Ok, I'll keep this in mind.
I think the solution is a breaking change, so let's do it correctly! Let's rename the functions well following the naming format:
zeros(shape) -> zeros_default(shape)
zeros_device(shape, device) -> zeros(shape, device)
I would also cleanup the backend traits to only have the zeros(shape, device)
and delete the other method. It can be implemented in the tensor api folder instead: burn_tensor/tensor/api/
.
Like you said, we would need to pass the device to all init
functions as well.
Hi @nathanielsimard! I'm sorry for the delay, it took quite a while for me to complete the refactoring, in which, as you described
zeros(shape)
becomes zeros_default(shape)
and zeros_device(shape, device)
become zeros(shape, device)
. I have updated ONNX importer as well, to support model instantiation on a specific device.
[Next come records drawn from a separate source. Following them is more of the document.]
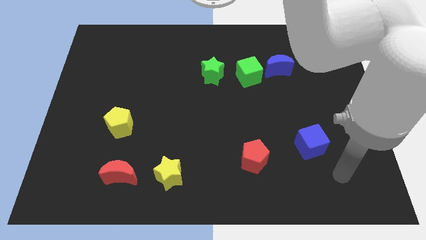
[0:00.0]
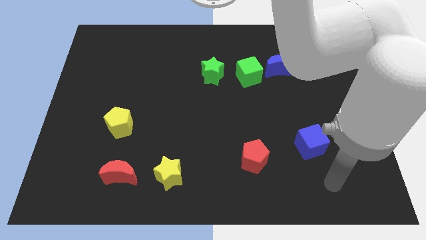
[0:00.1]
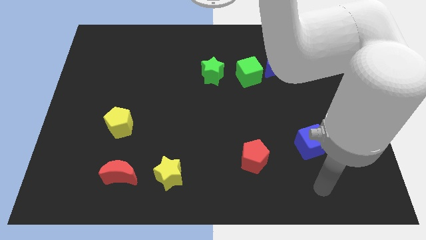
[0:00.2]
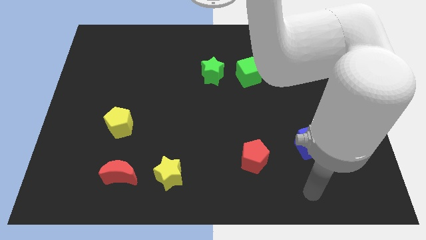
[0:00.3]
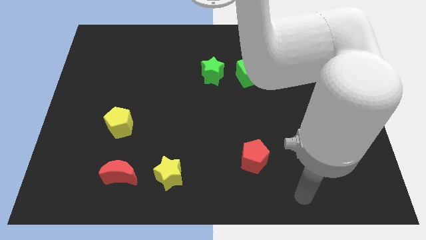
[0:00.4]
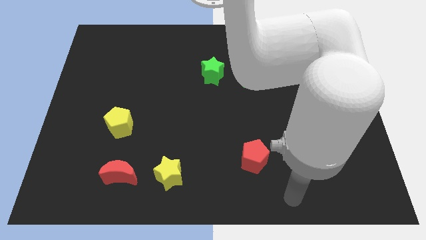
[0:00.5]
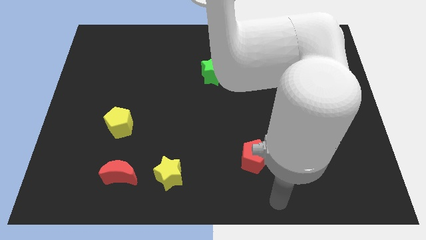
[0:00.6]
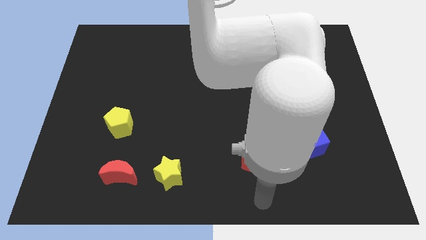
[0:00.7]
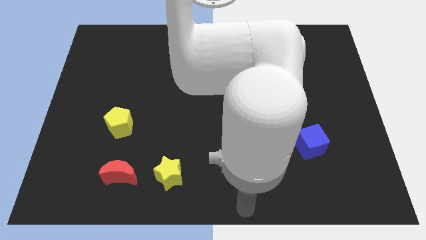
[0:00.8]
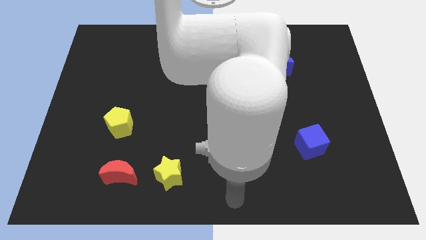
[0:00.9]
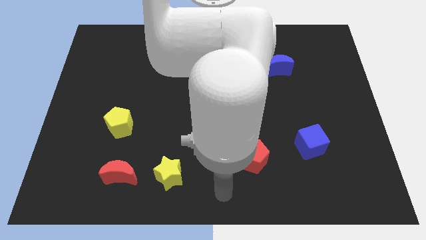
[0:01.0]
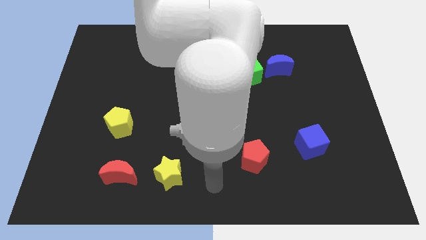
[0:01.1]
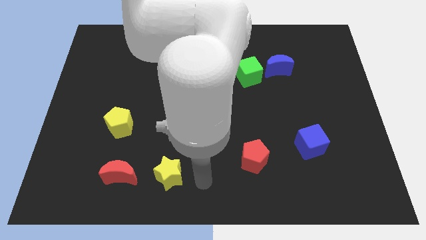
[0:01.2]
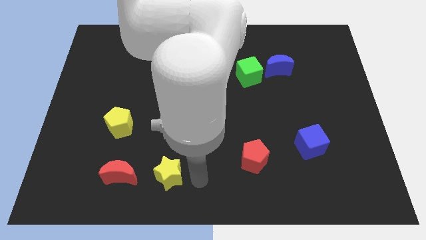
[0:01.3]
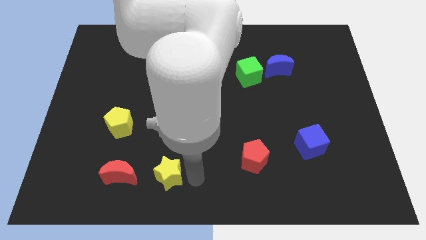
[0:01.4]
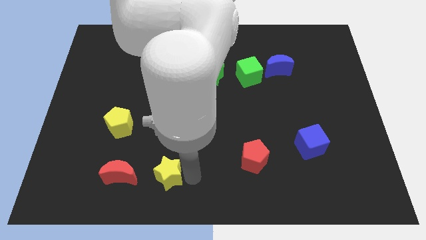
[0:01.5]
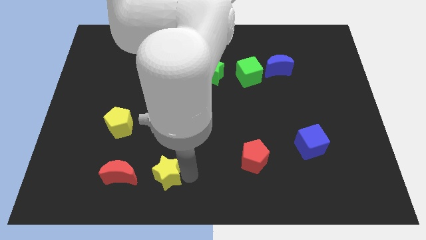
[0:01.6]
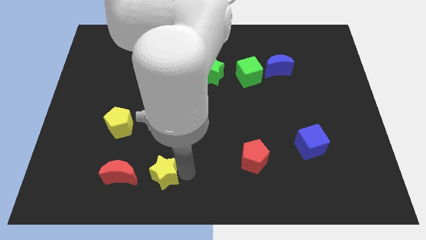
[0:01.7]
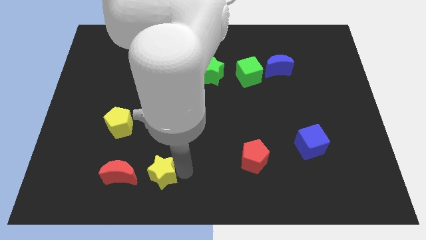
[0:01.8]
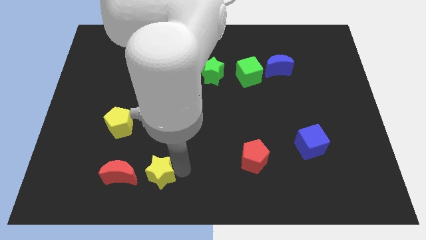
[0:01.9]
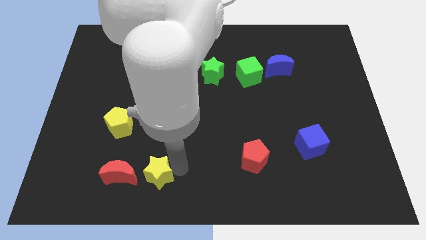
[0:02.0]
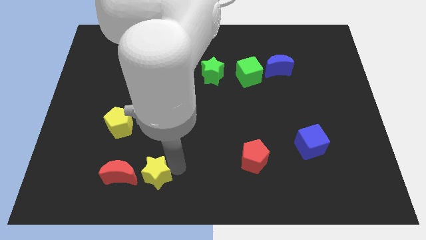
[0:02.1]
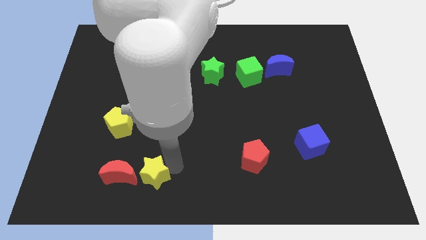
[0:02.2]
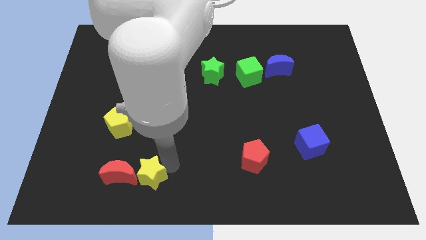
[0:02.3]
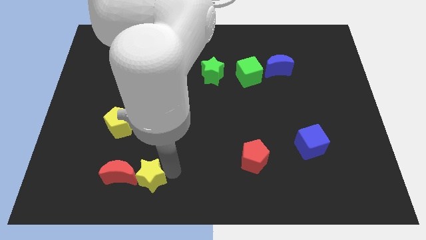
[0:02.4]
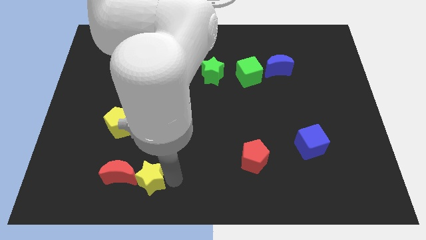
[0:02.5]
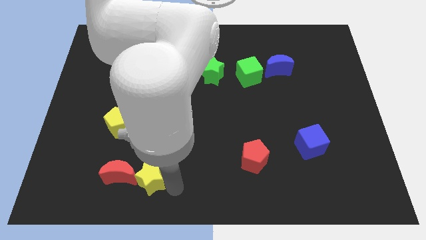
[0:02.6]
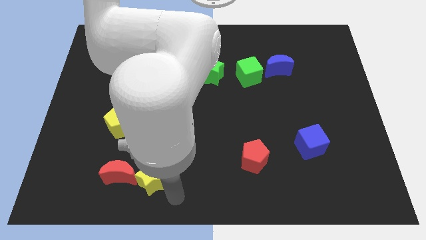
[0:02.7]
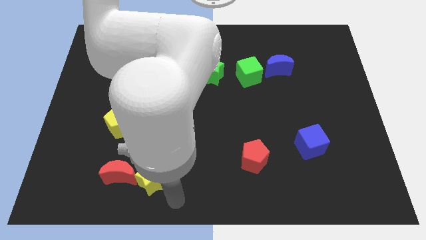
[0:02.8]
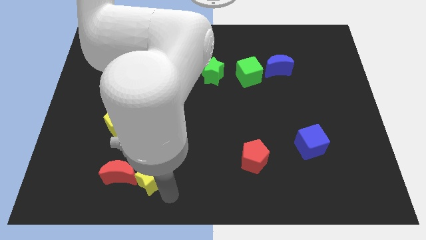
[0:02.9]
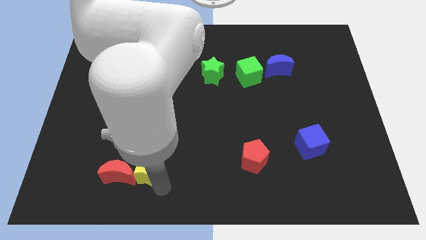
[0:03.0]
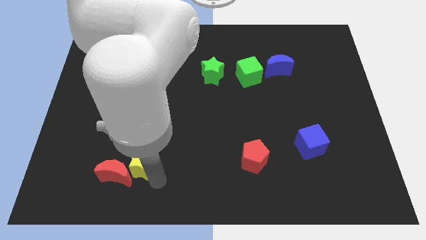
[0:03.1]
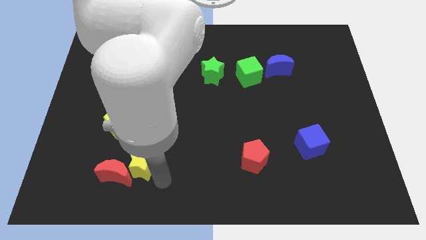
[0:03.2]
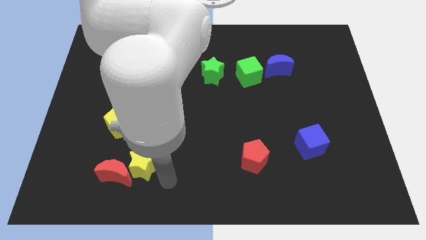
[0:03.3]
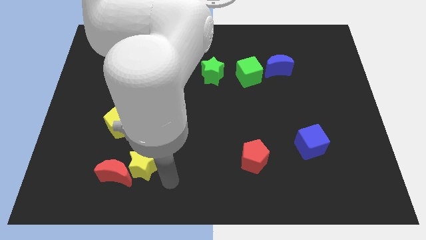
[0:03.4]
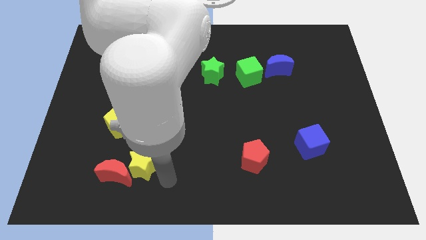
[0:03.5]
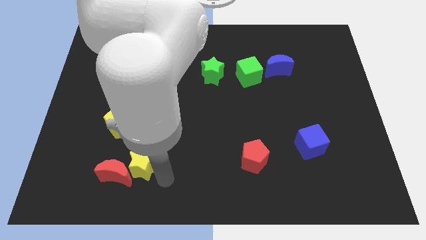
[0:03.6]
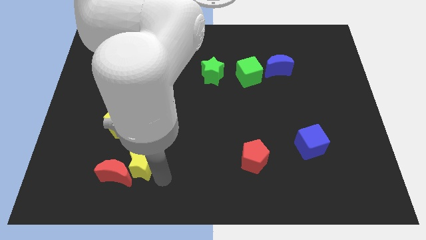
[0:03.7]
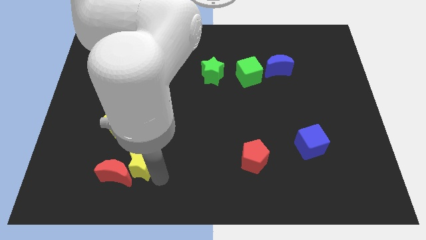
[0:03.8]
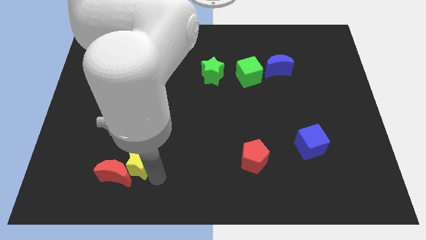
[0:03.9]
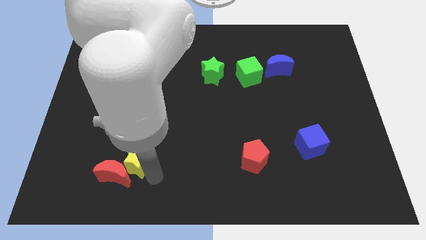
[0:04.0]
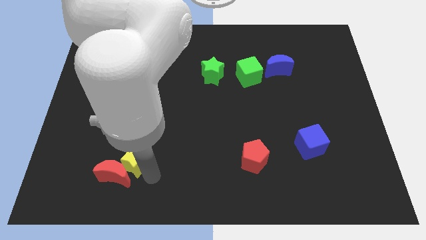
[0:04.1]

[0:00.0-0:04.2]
slightly slide the yellow star left

The Book was adjusted too.
@kpot Just reviewed the PR, well done 👏
@nathanielsimard @antimora Hi all! Another crazy large PR (hopefully, the last one), this time removing all _devauto
functions. Please, let me know if you have any thoughts about de-serialization, which currently remains the only place that relies on automatic allocation of tensors on a default device.
Just to follow up on this issue, the only remaining part would be to set the device for deserialization.
I think we can safely close this issue since #1081 and @nathanielsimard took care of device specification in the records.